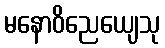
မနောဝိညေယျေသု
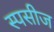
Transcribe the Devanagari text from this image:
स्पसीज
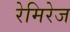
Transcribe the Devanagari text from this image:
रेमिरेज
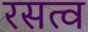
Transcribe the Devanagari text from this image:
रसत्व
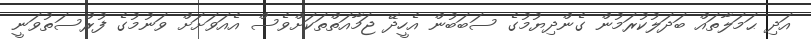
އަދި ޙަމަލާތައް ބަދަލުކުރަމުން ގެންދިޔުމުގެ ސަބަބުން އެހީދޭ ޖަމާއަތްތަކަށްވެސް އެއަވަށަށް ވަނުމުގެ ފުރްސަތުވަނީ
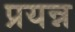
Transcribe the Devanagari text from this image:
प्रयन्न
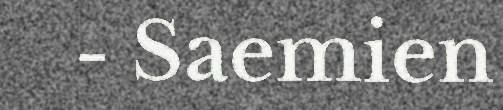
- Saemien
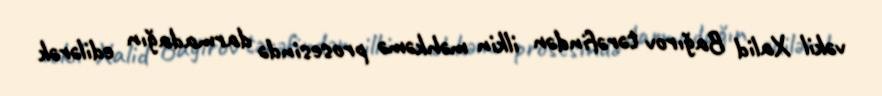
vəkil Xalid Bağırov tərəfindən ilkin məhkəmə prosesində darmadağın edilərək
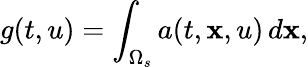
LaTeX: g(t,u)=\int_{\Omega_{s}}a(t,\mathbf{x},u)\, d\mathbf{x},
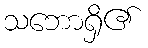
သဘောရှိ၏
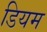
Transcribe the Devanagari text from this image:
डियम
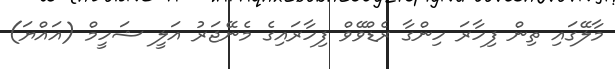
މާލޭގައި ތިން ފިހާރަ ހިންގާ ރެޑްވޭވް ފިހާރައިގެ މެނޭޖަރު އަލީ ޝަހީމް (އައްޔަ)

---

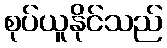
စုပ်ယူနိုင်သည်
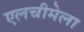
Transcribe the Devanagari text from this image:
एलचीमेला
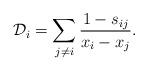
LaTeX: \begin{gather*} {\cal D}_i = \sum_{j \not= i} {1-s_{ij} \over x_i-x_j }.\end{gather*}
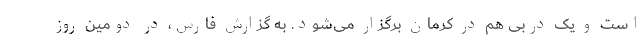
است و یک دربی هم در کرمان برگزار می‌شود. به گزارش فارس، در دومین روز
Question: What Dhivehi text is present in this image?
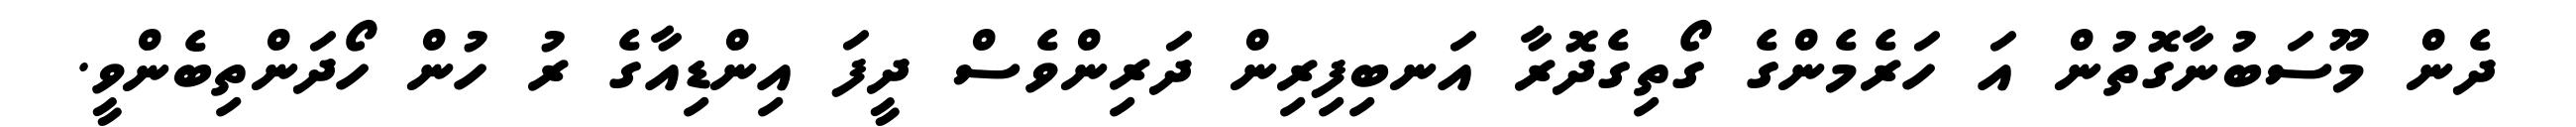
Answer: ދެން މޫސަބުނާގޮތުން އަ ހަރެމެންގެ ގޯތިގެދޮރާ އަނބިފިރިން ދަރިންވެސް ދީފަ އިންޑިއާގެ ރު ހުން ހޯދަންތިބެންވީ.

Work request –
Give back exactly, and solely, the section of the data above bounded by the line containing "Question: What Dhivehi" and the line containing "Answer: ދެން މޫސަބުނާގޮތުން", both bounding lines included and pictures omitted.

Written answer –
Question: What Dhivehi text is present in this image?
Answer: ދެން މޫސަބުނާގޮތުން އަ ހަރެމެންގެ ގޯތިގެދޮރާ އަނބިފިރިން ދަރިންވެސް ދީފަ އިންޑިއާގެ ރު ހުން ހޯދަންތިބެންވީ.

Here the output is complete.